Records shown =
===
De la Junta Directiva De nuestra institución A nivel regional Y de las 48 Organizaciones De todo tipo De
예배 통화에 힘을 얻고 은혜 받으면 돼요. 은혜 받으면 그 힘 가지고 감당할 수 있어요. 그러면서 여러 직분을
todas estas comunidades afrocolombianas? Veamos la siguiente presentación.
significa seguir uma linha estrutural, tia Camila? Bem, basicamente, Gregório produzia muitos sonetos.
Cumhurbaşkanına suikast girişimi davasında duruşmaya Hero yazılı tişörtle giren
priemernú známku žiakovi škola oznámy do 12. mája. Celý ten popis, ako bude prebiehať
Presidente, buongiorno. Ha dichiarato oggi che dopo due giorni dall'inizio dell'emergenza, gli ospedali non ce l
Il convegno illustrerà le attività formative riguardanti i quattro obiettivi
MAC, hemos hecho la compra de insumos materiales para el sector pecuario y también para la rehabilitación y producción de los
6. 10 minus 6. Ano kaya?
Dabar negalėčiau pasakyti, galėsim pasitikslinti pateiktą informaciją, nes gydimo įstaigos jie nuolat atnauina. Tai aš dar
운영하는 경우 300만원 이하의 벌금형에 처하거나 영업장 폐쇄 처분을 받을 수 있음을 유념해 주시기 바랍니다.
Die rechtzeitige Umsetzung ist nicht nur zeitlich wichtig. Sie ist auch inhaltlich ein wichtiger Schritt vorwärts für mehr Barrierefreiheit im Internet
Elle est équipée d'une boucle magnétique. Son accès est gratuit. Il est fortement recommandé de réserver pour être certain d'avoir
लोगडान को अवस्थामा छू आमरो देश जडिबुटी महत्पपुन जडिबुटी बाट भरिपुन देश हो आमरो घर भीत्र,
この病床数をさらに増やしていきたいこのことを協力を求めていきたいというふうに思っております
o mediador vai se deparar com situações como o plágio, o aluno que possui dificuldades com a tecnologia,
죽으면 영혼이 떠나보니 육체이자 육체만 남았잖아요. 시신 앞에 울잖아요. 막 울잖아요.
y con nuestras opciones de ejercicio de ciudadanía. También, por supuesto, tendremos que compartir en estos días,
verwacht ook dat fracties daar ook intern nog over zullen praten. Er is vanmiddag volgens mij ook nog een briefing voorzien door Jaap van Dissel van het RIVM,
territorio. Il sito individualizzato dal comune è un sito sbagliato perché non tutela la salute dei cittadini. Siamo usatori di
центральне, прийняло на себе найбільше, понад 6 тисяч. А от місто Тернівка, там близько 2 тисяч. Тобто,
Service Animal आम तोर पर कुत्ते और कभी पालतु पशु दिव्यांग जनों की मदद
===
Exercise description = Print the data in full. Match it exactly.

Answer space =
De la Junta Directiva De nuestra institución A nivel regional Y de las 48 Organizaciones De todo tipo De
예배 통화에 힘을 얻고 은혜 받으면 돼요. 은혜 받으면 그 힘 가지고 감당할 수 있어요. 그러면서 여러 직분을
todas estas comunidades afrocolombianas? Veamos la siguiente presentación.
significa seguir uma linha estrutural, tia Camila? Bem, basicamente, Gregório produzia muitos sonetos.
Cumhurbaşkanına suikast girişimi davasında duruşmaya Hero yazılı tişörtle giren
priemernú známku žiakovi škola oznámy do 12. mája. Celý ten popis, ako bude prebiehať
Presidente, buongiorno. Ha dichiarato oggi che dopo due giorni dall'inizio dell'emergenza, gli ospedali non ce l
Il convegno illustrerà le attività formative riguardanti i quattro obiettivi
MAC, hemos hecho la compra de insumos materiales para el sector pecuario y también para la rehabilitación y producción de los
6. 10 minus 6. Ano kaya?
Dabar negalėčiau pasakyti, galėsim pasitikslinti pateiktą informaciją, nes gydimo įstaigos jie nuolat atnauina. Tai aš dar
운영하는 경우 300만원 이하의 벌금형에 처하거나 영업장 폐쇄 처분을 받을 수 있음을 유념해 주시기 바랍니다.
Die rechtzeitige Umsetzung ist nicht nur zeitlich wichtig. Sie ist auch inhaltlich ein wichtiger Schritt vorwärts für mehr Barrierefreiheit im Internet
Elle est équipée d'une boucle magnétique. Son accès est gratuit. Il est fortement recommandé de réserver pour être certain d'avoir
लोगडान को अवस्थामा छू आमरो देश जडिबुटी महत्पपुन जडिबुटी बाट भरिपुन देश हो आमरो घर भीत्र,
この病床数をさらに増やしていきたいこのことを協力を求めていきたいというふうに思っております
o mediador vai se deparar com situações como o plágio, o aluno que possui dificuldades com a tecnologia,
죽으면 영혼이 떠나보니 육체이자 육체만 남았잖아요. 시신 앞에 울잖아요. 막 울잖아요.
y con nuestras opciones de ejercicio de ciudadanía. También, por supuesto, tendremos que compartir en estos días,
verwacht ook dat fracties daar ook intern nog over zullen praten. Er is vanmiddag volgens mij ook nog een briefing voorzien door Jaap van Dissel van het RIVM,
territorio. Il sito individualizzato dal comune è un sito sbagliato perché non tutela la salute dei cittadini. Siamo usatori di
центральне, прийняло на себе найбільше, понад 6 тисяч. А от місто Тернівка, там близько 2 тисяч. Тобто,
Service Animal आम तोर पर कुत्ते और कभी पालतु पशु दिव्यांग जनों की मदद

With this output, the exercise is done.